## What you will do
What you return should match the material below line for line, except that no image appears in it.

## Raw data

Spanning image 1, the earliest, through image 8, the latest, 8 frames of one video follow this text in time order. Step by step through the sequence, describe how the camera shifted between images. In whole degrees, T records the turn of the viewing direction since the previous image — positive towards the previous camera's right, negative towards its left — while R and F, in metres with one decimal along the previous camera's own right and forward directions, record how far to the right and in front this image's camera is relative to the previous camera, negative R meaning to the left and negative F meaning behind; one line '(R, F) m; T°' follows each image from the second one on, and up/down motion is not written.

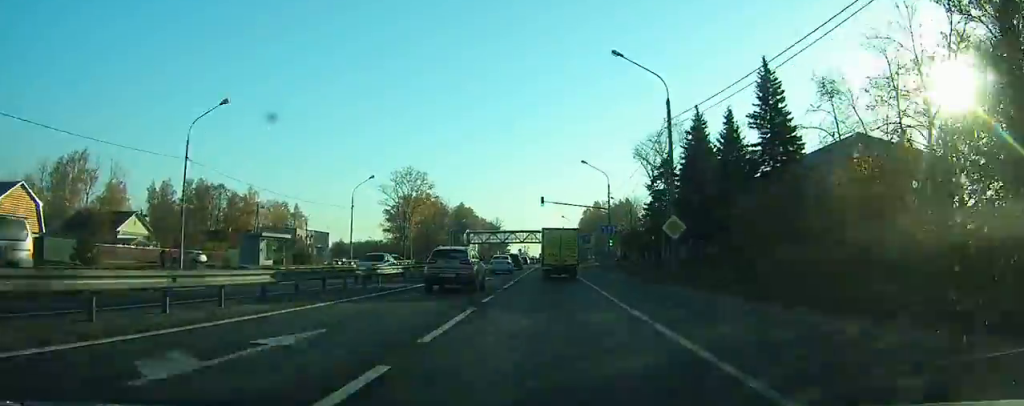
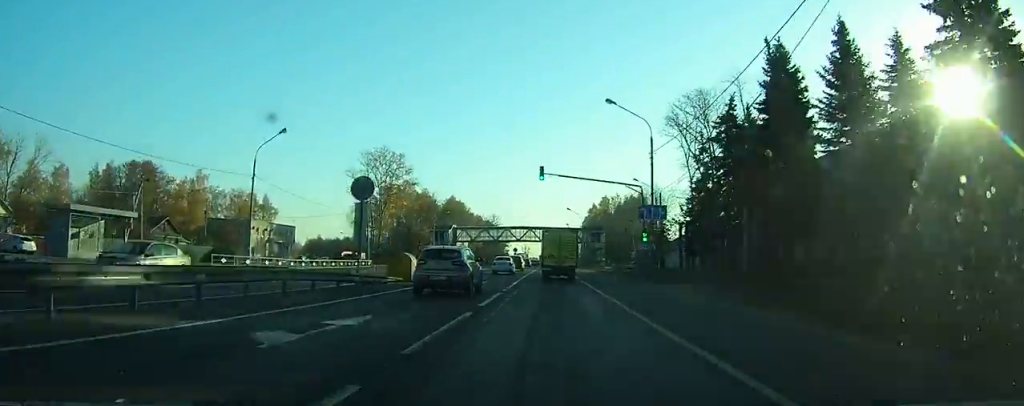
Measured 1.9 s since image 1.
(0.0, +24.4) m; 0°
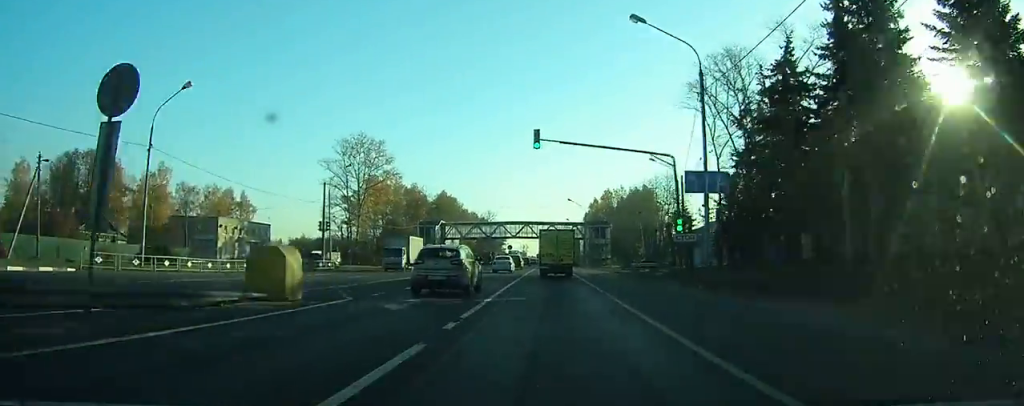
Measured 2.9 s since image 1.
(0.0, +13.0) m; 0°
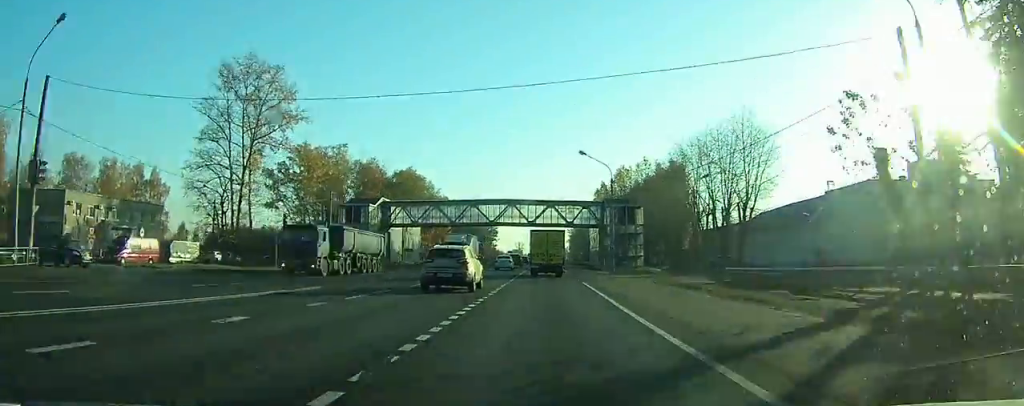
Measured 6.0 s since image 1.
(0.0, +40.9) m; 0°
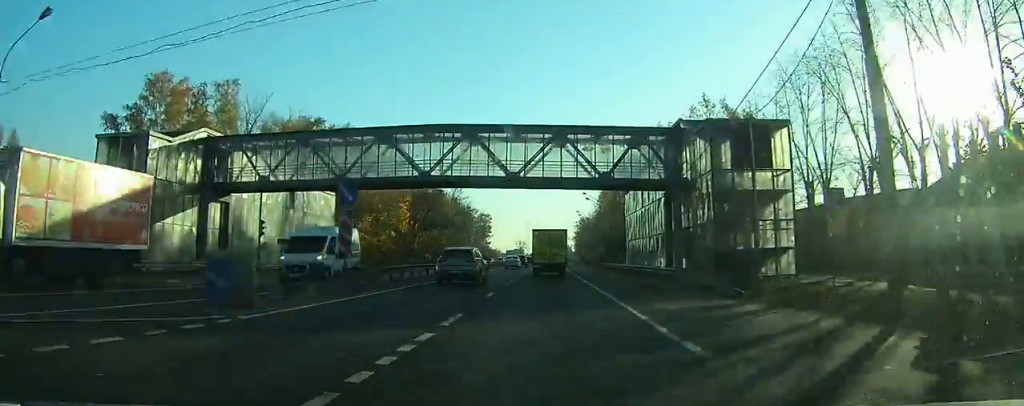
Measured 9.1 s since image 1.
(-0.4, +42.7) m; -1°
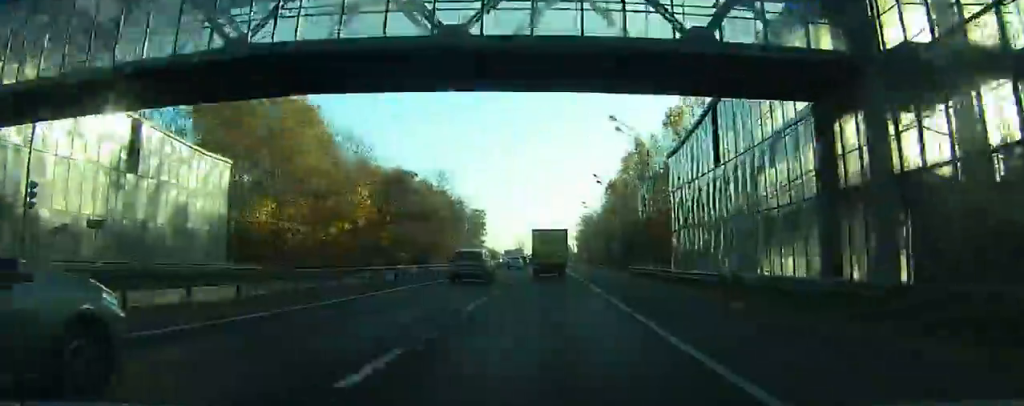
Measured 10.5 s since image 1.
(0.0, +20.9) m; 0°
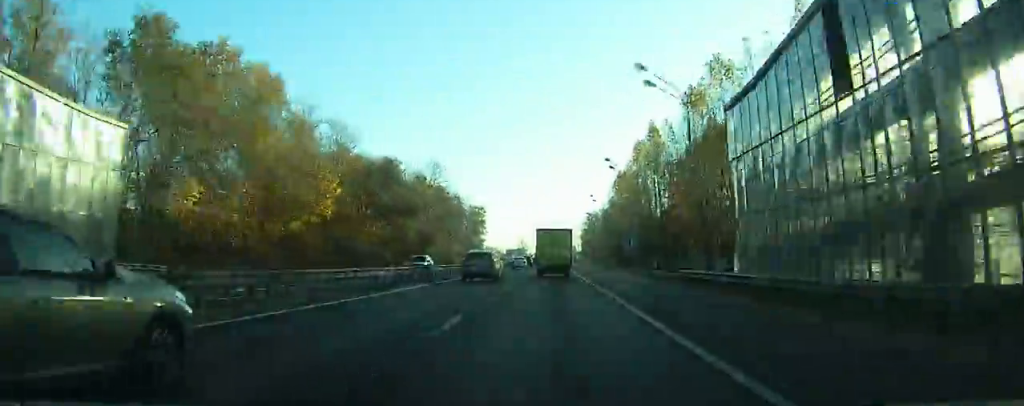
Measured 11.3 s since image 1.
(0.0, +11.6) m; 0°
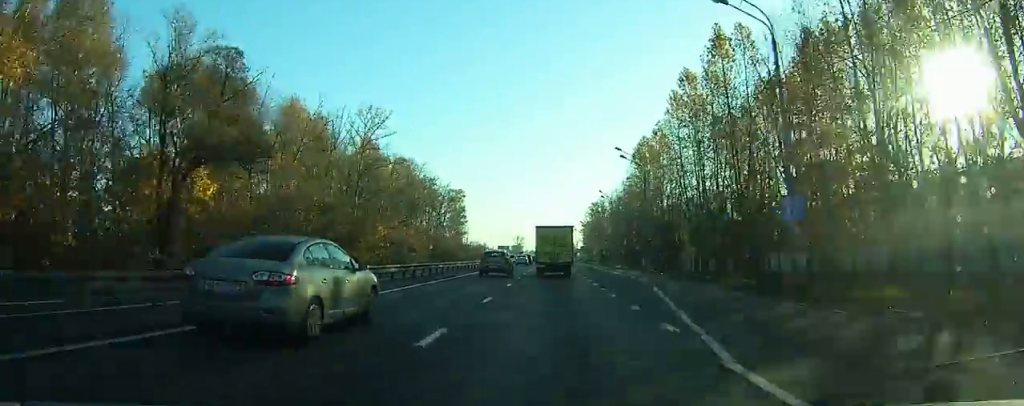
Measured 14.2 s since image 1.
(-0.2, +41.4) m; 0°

## Exercise solution
Spanning image 1, the earliest, through image 8, the latest, 8 frames of one video follow this text in time order. Step by step through the sequence, describe how the camera shifted between images. In whole degrees, T records the turn of the viewing direction since the previous image — positive towards the previous camera's right, negative towards its left — while R and F, in metres with one decimal along the previous camera's own right and forward directions, record how far to the right and in front this image's camera is relative to the previous camera, negative R meaning to the left and negative F meaning behind; one line '(R, F) m; T°' follows each image from the second one on, and up/down motion is not written.

Measured 1.9 s since image 1.
(0.0, +24.4) m; 0°
Measured 2.9 s since image 1.
(0.0, +13.0) m; 0°
Measured 6.0 s since image 1.
(0.0, +40.9) m; 0°
Measured 9.1 s since image 1.
(-0.4, +42.7) m; -1°
Measured 10.5 s since image 1.
(0.0, +20.9) m; 0°
Measured 11.3 s since image 1.
(0.0, +11.6) m; 0°
Measured 14.2 s since image 1.
(-0.2, +41.4) m; 0°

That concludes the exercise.